*Source records*:
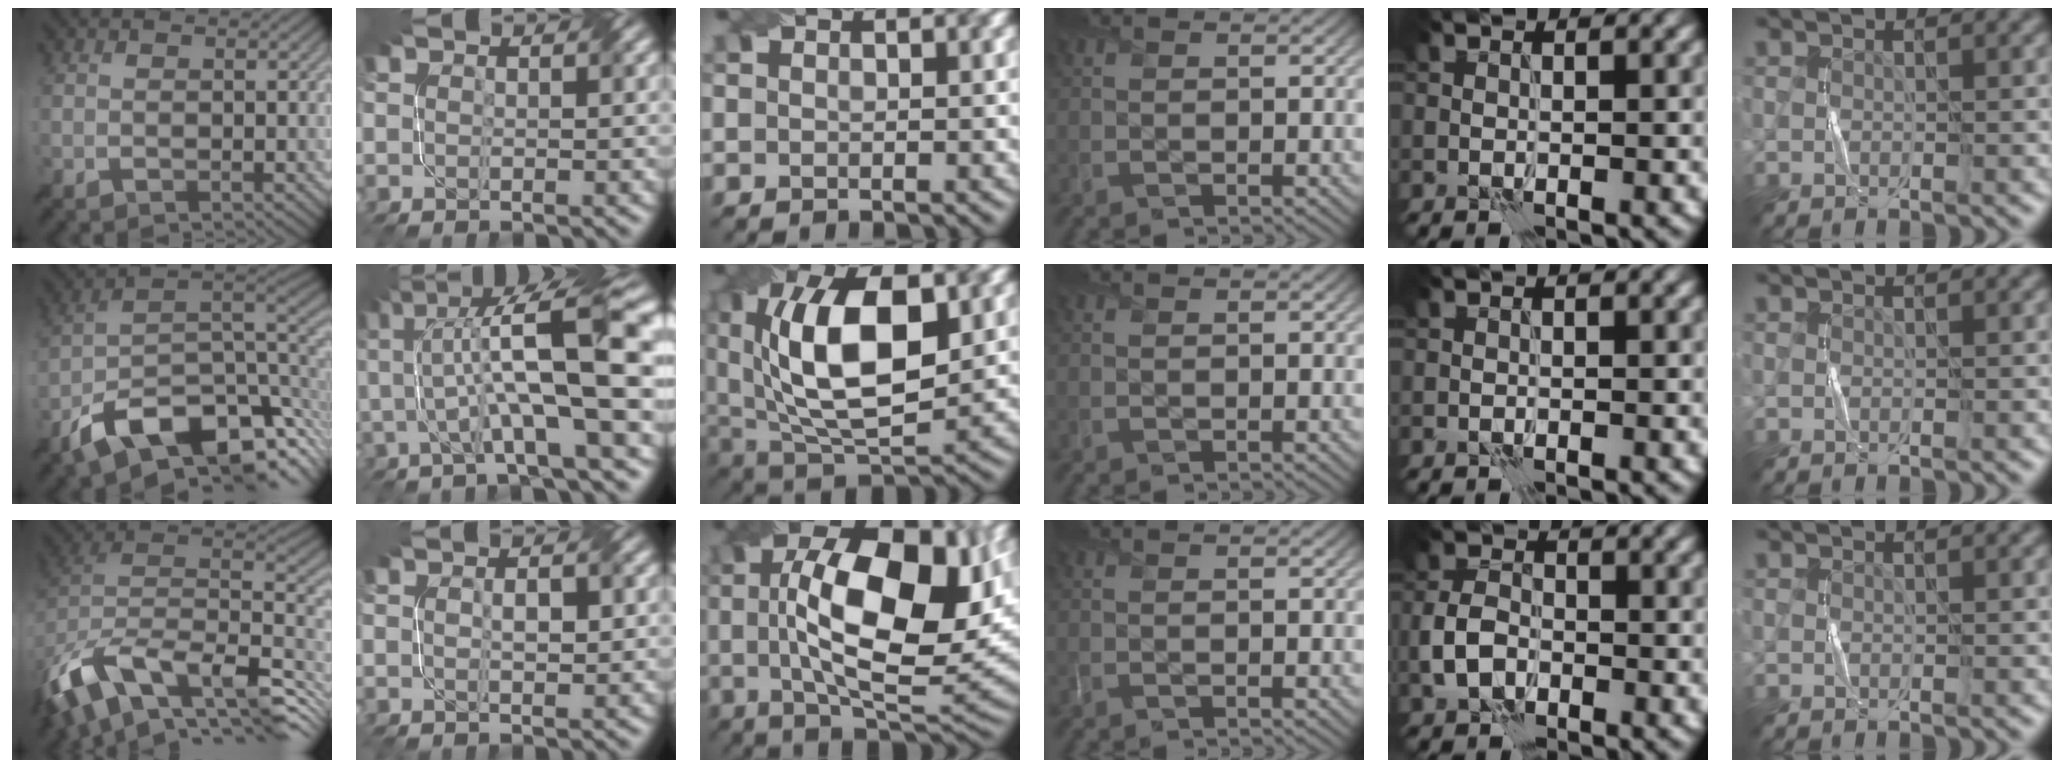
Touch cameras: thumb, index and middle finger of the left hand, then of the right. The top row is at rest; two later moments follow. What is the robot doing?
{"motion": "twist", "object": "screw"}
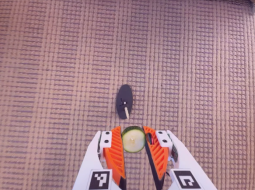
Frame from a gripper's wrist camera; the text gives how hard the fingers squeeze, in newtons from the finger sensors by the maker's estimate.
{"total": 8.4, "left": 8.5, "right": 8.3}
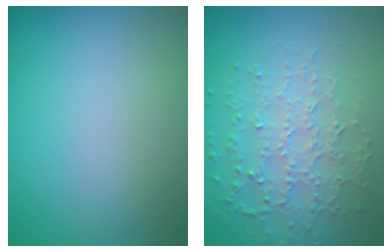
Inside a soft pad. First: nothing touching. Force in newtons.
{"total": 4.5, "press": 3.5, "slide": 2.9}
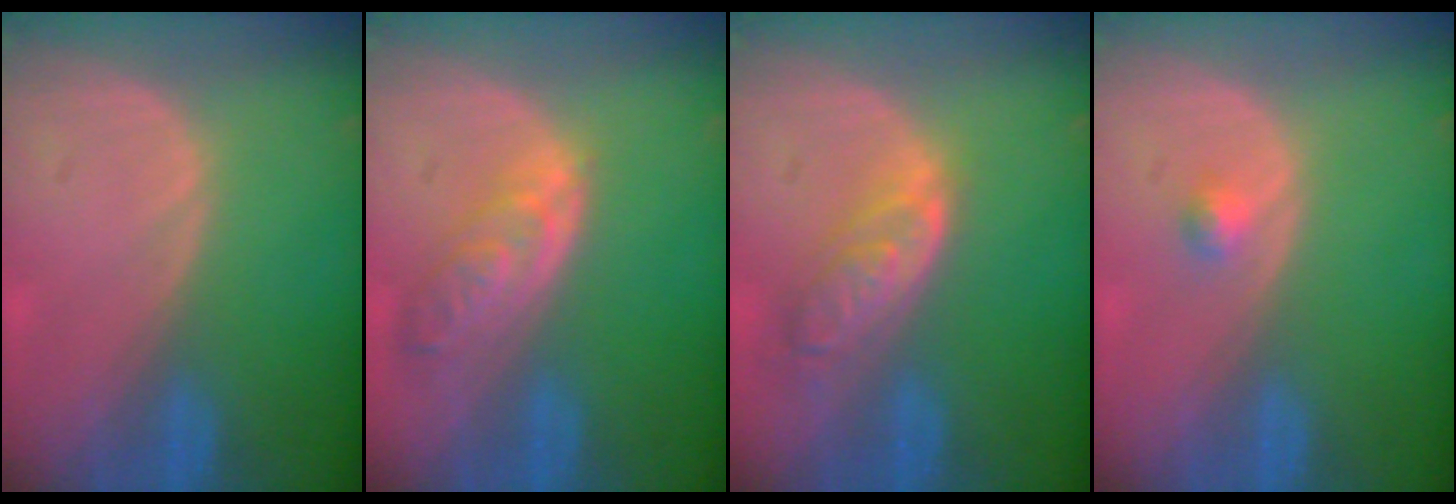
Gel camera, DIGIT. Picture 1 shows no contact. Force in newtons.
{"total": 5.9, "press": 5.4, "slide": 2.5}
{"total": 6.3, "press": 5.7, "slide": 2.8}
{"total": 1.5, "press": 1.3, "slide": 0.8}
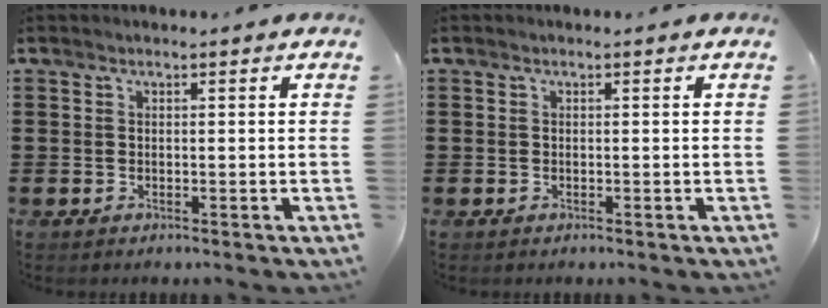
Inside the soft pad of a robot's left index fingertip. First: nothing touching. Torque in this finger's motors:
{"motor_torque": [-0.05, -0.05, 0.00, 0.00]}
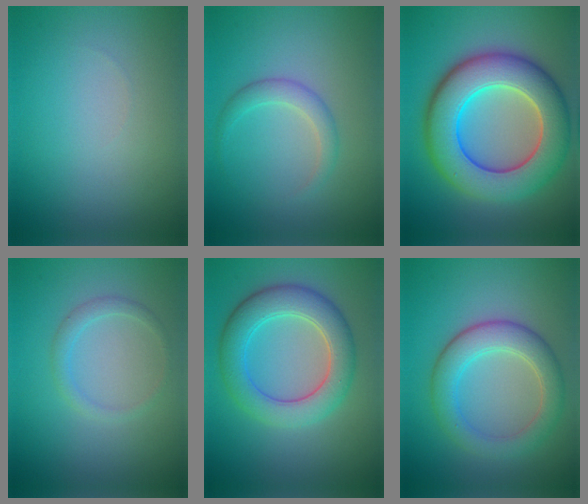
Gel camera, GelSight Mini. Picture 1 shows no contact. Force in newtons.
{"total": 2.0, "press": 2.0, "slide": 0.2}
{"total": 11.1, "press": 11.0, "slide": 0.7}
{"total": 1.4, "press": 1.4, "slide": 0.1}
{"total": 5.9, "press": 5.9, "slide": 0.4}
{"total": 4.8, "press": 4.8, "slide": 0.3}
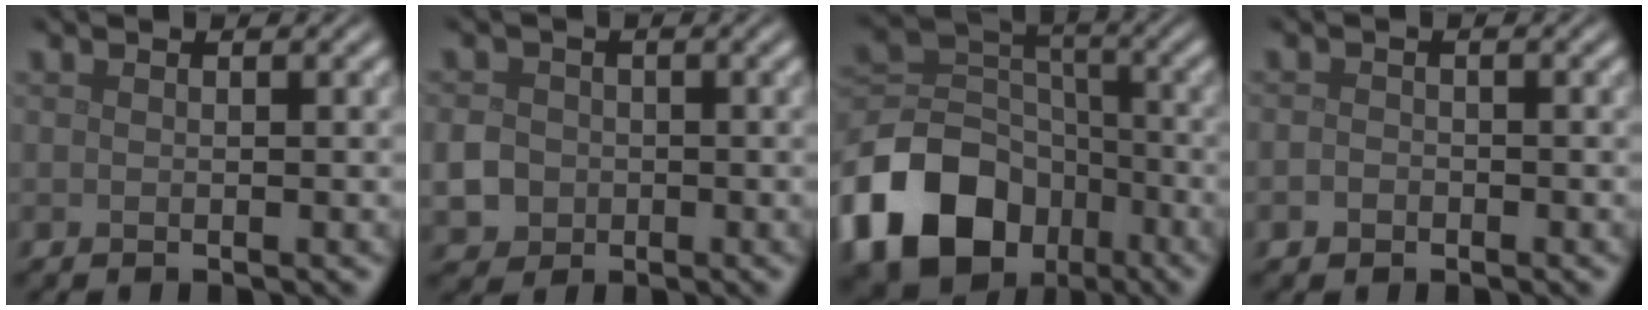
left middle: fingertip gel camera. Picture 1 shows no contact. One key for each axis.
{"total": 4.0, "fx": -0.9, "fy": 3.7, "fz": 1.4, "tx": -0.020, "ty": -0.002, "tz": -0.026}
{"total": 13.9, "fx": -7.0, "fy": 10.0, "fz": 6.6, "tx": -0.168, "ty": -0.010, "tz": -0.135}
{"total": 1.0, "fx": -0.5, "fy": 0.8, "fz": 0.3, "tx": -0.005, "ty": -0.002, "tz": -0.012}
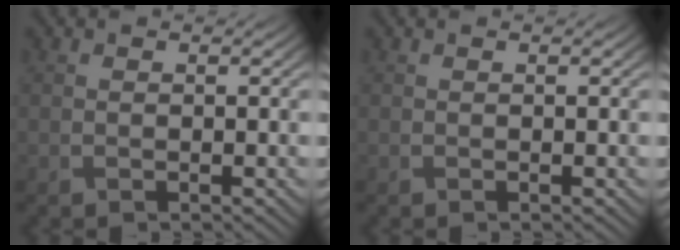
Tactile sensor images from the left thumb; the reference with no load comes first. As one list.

==

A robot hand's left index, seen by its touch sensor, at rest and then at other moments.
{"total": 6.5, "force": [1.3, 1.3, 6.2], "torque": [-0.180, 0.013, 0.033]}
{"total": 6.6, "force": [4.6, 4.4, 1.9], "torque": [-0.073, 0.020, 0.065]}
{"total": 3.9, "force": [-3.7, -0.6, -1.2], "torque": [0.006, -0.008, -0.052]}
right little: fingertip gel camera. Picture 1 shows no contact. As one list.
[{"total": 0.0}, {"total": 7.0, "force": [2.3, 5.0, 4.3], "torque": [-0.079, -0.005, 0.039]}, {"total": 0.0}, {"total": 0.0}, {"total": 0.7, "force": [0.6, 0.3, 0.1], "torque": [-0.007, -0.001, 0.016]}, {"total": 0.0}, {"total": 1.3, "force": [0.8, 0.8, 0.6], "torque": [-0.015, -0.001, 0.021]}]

==

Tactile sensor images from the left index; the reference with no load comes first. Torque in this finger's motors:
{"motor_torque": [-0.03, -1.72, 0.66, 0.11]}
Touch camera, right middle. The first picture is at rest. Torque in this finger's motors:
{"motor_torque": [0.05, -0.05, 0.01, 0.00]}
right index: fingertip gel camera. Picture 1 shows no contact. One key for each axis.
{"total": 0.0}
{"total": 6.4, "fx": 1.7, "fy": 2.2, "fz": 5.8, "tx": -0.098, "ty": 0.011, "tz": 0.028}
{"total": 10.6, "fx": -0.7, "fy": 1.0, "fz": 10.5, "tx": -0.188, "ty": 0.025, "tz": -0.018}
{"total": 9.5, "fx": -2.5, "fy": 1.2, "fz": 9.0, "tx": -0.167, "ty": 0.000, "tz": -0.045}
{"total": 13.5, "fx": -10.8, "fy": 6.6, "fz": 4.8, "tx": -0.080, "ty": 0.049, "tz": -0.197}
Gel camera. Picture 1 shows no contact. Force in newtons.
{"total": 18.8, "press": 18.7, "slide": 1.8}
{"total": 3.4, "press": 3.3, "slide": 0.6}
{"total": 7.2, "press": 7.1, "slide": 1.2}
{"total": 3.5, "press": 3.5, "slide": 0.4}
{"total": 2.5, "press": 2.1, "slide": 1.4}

*AIM OF THE TASK*:
In the records above, find the line containing "Frame from a" and the line containing "Tactile sensor images from the left thumb;", then give both of them again word for word along with every line between. Omit any pictures.

*ANSWER*:
Frame from a gripper's wrist camera; the text gives how hard the fingers squeeze, in newtons from the finger sensors by the maker's estimate.
{"total": 8.4, "left": 8.5, "right": 8.3}
Inside a soft pad. First: nothing touching. Force in newtons.
{"total": 4.5, "press": 3.5, "slide": 2.9}
Gel camera, DIGIT. Picture 1 shows no contact. Force in newtons.
{"total": 5.9, "press": 5.4, "slide": 2.5}
{"total": 6.3, "press": 5.7, "slide": 2.8}
{"total": 1.5, "press": 1.3, "slide": 0.8}
Inside the soft pad of a robot's left index fingertip. First: nothing touching. Torque in this finger's motors:
{"motor_torque": [-0.05, -0.05, 0.00, 0.00]}
Gel camera, GelSight Mini. Picture 1 shows no contact. Force in newtons.
{"total": 2.0, "press": 2.0, "slide": 0.2}
{"total": 11.1, "press": 11.0, "slide": 0.7}
{"total": 1.4, "press": 1.4, "slide": 0.1}
{"total": 5.9, "press": 5.9, "slide": 0.4}
{"total": 4.8, "press": 4.8, "slide": 0.3}
left middle: fingertip gel camera. Picture 1 shows no contact. One key for each axis.
{"total": 4.0, "fx": -0.9, "fy": 3.7, "fz": 1.4, "tx": -0.020, "ty": -0.002, "tz": -0.026}
{"total": 13.9, "fx": -7.0, "fy": 10.0, "fz": 6.6, "tx": -0.168, "ty": -0.010, "tz": -0.135}
{"total": 1.0, "fx": -0.5, "fy": 0.8, "fz": 0.3, "tx": -0.005, "ty": -0.002, "tz": -0.012}
Tactile sensor images from the left thumb; the reference with no load comes first. As one list.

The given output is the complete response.